Runecast is trying to slash the time tech experts spend searching for answers to virtualization and security compliance issues across platforms. The latest update to its hybrid cloud management solution, Runecast analyzer 4.7 features proactive best practice and security Analysis for VMware, AWS, and Kubernetes. Previously it was only VMware focused. 

Presented at Tech Field Day Extra at VMworld 2020, the Analyzer uses an AI-assisted platform and a patented rules engine to expose potential issues before they cause significant outages or security incompliance.

Outages

Runecast owners worked with VMware for many years and realized that in over 90% of the outage cases, the issues’ root cause was a known issue, bug, or best practice foundation. Most of these were documented online on forums, security hardware guides, and compatibility lists. There is useful online information for mitigation, but it is largely unreadable, unsearchable, and unstructured. This meant that people searching for answers were only using the data reactively when the problem happened.

Troubleshooting teams have to continuously keep up with best practices, known issues, new versions, and ensure security compliance. Compliance issues take a long time to do manually, and any time there is a security audit, there are nearly always gaps discovered. This can lead to penalties, loss reports, and mitigation. Usually, enterprise network teams spend days, nights, or weeks troubleshooting to find the root cause. Most of the time, they end up reading an independent article or online information source. 

These are problems that needed a more straightforward answer.

Runecast Expansion

Runecast found a way to harness the human, readable, unstructured data found on forums, hardware guides, etc., and turn it into machine-readable rules. Then they expanded it. 

Currently, Runecast Analyzer automates checks for misconfigurations and alignment with AWS Best Practices, the Center for Internet Security (CIS) Amazon Web Services Foundations Benchmark, the National Institute of Standards and Technology (NIST) Special Publication 800-53, Payment Card Industry Data Security Standard (PCI DSS), General Data Protection Regulation (GDPR), and Information Security Management (ISO 27001).

The same Runecast Analyzer can connect to on-prem VMware, AWS accounts, and also Certified for VMware Cloud on AWS, as well as VMware vSphere, vSAN, NSX-T, NSX-V, Horizon VMware Cloud on AWS, AWS Cloud, SAP HANA, and PureStorage. There is also now support for open-source Kubernetes. From one dashboard, users can see risk and security compliance across their hybrid cloud. 

Runecast has expanded its Analyzer to cover several new platforms.

This is designed to allow users to proactively analyze the configs and logs of a range of systems, find potential risks before they strike and cause significant outages or security incompliance. 

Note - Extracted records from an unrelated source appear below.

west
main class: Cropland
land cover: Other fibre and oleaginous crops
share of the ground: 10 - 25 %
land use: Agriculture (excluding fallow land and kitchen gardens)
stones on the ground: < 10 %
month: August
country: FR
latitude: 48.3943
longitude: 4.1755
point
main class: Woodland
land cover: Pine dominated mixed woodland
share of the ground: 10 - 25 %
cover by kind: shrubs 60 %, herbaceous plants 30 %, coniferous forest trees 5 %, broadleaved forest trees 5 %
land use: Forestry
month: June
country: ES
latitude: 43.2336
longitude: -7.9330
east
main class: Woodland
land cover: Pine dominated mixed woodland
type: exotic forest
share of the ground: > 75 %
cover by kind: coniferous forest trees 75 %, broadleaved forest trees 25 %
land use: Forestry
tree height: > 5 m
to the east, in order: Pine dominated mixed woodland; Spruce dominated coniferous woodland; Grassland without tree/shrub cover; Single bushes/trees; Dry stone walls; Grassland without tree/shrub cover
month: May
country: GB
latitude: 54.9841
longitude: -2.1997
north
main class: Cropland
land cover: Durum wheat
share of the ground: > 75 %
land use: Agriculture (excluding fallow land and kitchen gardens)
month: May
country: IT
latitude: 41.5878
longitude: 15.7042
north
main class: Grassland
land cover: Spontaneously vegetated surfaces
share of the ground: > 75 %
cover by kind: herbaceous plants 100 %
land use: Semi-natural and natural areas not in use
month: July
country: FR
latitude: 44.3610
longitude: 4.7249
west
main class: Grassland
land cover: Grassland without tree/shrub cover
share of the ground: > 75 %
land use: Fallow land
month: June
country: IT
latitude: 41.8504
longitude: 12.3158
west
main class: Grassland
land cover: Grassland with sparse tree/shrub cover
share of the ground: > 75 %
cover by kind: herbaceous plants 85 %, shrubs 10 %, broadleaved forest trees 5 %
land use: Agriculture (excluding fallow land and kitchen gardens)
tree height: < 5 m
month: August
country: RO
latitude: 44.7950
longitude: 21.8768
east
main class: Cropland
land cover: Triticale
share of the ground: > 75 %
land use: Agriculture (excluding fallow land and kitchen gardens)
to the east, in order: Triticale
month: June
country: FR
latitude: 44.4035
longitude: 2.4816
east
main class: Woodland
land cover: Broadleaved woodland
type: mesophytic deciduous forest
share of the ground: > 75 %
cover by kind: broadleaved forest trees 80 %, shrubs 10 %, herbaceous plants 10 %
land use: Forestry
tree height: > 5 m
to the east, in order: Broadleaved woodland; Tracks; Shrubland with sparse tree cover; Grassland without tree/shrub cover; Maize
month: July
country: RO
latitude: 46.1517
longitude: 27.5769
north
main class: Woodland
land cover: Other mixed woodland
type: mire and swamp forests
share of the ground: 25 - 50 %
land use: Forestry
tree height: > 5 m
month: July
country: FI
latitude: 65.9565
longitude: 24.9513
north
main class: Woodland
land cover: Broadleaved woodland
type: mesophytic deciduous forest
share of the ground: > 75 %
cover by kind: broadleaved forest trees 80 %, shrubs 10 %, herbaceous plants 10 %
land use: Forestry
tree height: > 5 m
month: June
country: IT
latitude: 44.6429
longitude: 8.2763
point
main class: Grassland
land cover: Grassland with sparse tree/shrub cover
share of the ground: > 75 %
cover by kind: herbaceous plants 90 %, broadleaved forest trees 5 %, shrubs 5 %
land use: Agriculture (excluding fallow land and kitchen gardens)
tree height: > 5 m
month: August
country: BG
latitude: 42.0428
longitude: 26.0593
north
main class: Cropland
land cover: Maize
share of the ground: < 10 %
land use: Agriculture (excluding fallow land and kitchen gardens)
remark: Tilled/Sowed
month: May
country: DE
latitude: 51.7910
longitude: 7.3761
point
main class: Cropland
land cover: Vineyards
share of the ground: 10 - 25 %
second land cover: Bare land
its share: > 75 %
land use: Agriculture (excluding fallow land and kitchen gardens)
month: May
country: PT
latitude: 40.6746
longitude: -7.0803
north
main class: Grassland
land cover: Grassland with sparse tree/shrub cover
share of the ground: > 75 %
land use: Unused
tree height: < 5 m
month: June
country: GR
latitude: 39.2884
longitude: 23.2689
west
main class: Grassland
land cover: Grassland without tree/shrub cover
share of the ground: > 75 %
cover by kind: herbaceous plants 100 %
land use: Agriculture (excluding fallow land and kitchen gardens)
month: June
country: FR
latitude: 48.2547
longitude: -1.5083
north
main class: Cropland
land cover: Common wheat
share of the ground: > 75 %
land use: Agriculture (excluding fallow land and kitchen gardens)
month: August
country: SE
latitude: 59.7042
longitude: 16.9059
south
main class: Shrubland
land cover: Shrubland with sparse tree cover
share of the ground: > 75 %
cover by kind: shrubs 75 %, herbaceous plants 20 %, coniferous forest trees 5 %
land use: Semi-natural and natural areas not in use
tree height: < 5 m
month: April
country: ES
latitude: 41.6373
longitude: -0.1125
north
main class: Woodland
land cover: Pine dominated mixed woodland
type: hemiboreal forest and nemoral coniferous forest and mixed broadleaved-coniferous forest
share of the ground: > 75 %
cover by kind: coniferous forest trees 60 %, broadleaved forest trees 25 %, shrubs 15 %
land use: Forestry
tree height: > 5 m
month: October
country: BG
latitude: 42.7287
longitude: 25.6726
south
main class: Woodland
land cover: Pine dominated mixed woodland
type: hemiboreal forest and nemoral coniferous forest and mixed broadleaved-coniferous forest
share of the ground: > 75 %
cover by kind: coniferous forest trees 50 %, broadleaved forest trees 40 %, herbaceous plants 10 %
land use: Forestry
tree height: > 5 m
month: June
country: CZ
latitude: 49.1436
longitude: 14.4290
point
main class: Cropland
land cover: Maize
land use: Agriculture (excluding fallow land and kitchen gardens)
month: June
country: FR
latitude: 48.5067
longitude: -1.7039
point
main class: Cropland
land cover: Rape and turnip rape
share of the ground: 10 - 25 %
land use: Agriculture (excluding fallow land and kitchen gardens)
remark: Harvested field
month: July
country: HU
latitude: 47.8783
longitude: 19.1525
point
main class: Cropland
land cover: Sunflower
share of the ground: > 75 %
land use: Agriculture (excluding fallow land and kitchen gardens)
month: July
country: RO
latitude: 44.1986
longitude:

What Runecast Analyzer covers now is far beyond what it covered two years ago. Not only does it cover the VMware launch space, best practices, but also social media published fixes, which are often posted before the vendor figures them out. Runecast Analyzer vets those and adds them to its set of rules before the vendor even recognizes them. The appliance also has added AI-assisted and knowledge parsing. 

What Does this Mean?

The AI parsing consists of several different natural language processing modules such as NLP and natural language understanding, which is on its internal platform. It is packaged in a virtual appliance, and customers can download and import it into their infrastructure and connect it to their AWS account. It contains all of the rules, the interface, and the API. Runecast Analyzer also has an internal platform built from scratch called Runecast Optimization platform. 

The platform plugs into all of the approved knowledge sources and monitoring, and if there is anything new or updated, it will transition that into machine-readable rules. For other unstructured sources of knowledge, there are semi-automated processes where NLP models are highlighting specific phrases. 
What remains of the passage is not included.